:: Work task ::
Print the line that contains "There is no", then every line after it until the entries end, exactly as they read; do not include pictures.

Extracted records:
---*---

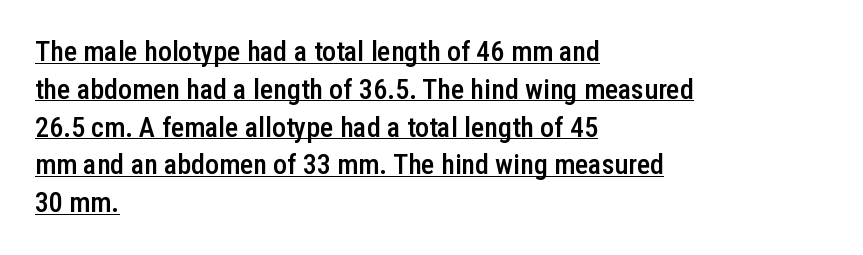
{"serif": "no", "italic": "no", "bold": "semi", "weight": "semibold", "width": "condensed", "stroke_contrast": "low", "x_height": "medium", "monospaced": "no", "underline": "yes", "align": "left", "line_spacing": "normal", "line_spacing_ratio": 1.35, "letter_spacing": "normal", "letter_spacing_em": 0.0, "glyph_px": 28}
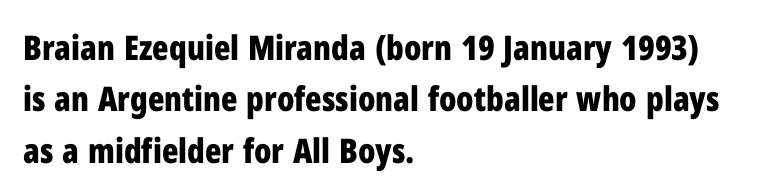
The image shows 34 px bold, condensed sans-serif type, upright; set left-aligned, normal line spacing (1.51x), normal letter spacing, not underlined; low stroke contrast and a medium x-height.
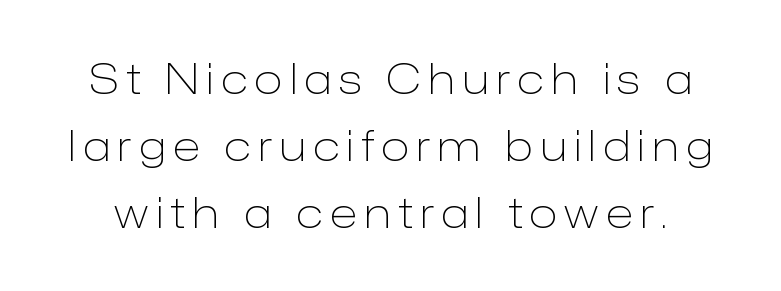
Classification — sans serif. The leading is moderate, giving the passage an even texture. The lettering holds an erect, upright posture throughout. No heavy texture on the line: the type isn't bold. Each row of text sits above clean, open space.
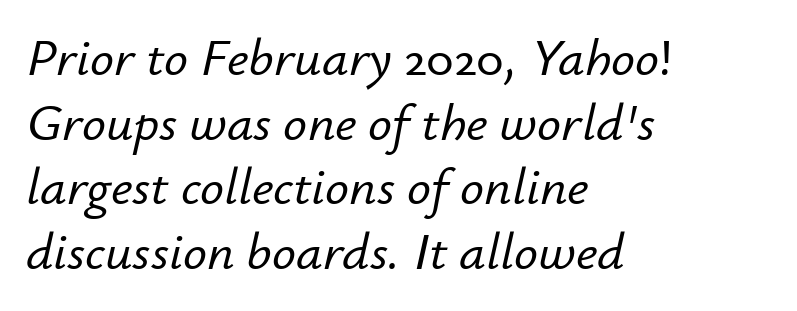
Q: Is the text italic (slanted)? A: Yes, it leans right by about 12 degrees.
Q: Is the text underlined? A: No.
Q: How is the paragraph aligned? A: Left-aligned.
Q: Is the spacing between letters normal or unusually wide? A: Normal.
Q: Width (condensed, normal, or wide)? A: Normal.
Q: Stroke contrast? A: Low.
Q: x-height? A: Small.
Q: Monospaced? A: No.
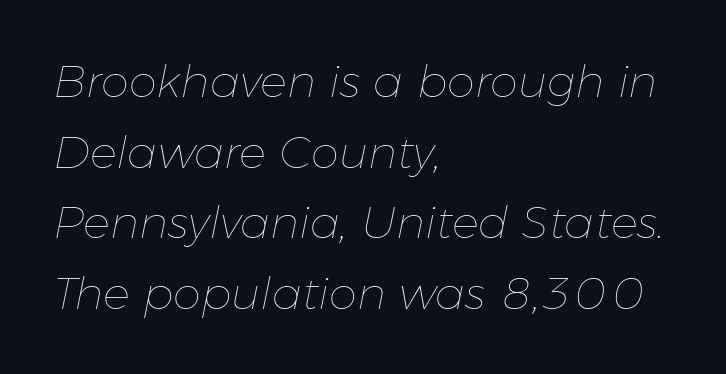
This sample has the flowing, uneven cadence of proportional lettering. These lines stack with their left ends in a neat column. The passage shown is not underscored anywhere. Letter spacing: default.
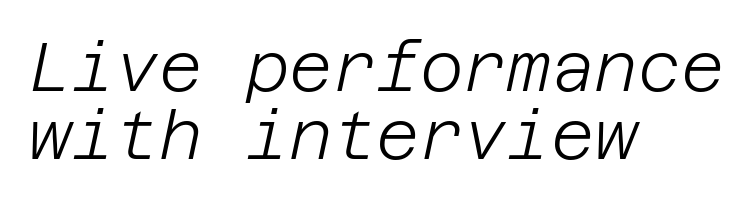
There is no visible air inserted between adjacent glyphs. The strokes carry an ordinary text weight at most. Italic? Definitely — the glyphs are oblique. Line beginnings align vertically; line endings do not. The block of text is dense from top to bottom, with scant space between rows. Underlining? Definitely not there.
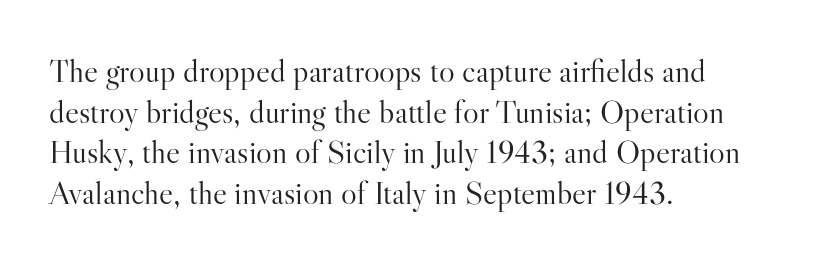
{"serif": "yes", "italic": "no", "bold": "no", "weight": "light", "width": "normal", "stroke_contrast": "high", "x_height": "small", "monospaced": "no", "underline": "no", "align": "left", "line_spacing_ratio": 1.23, "letter_spacing": "normal", "letter_spacing_em": 0.0, "glyph_px": 33}
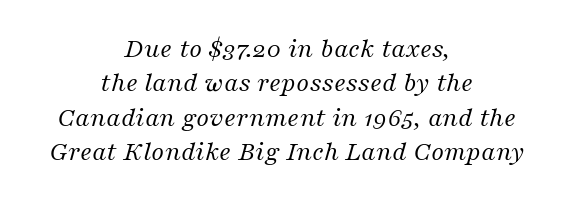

---*---

:: Exercise solution ::
There is no visible air inserted between adjacent glyphs. The strokes carry an ordinary text weight at most. Italic? Definitely — the glyphs are oblique. Line beginnings align vertically; line endings do not. The block of text is dense from top to bottom, with scant space between rows. Underlining? Definitely not there.
{"serif": "yes", "italic": "no", "bold": "no", "weight": "light", "width": "normal", "stroke_contrast": "high", "x_height": "small", "monospaced": "no", "underline": "no", "align": "left", "line_spacing_ratio": 1.23, "letter_spacing": "normal", "letter_spacing_em": 0.0, "glyph_px": 33}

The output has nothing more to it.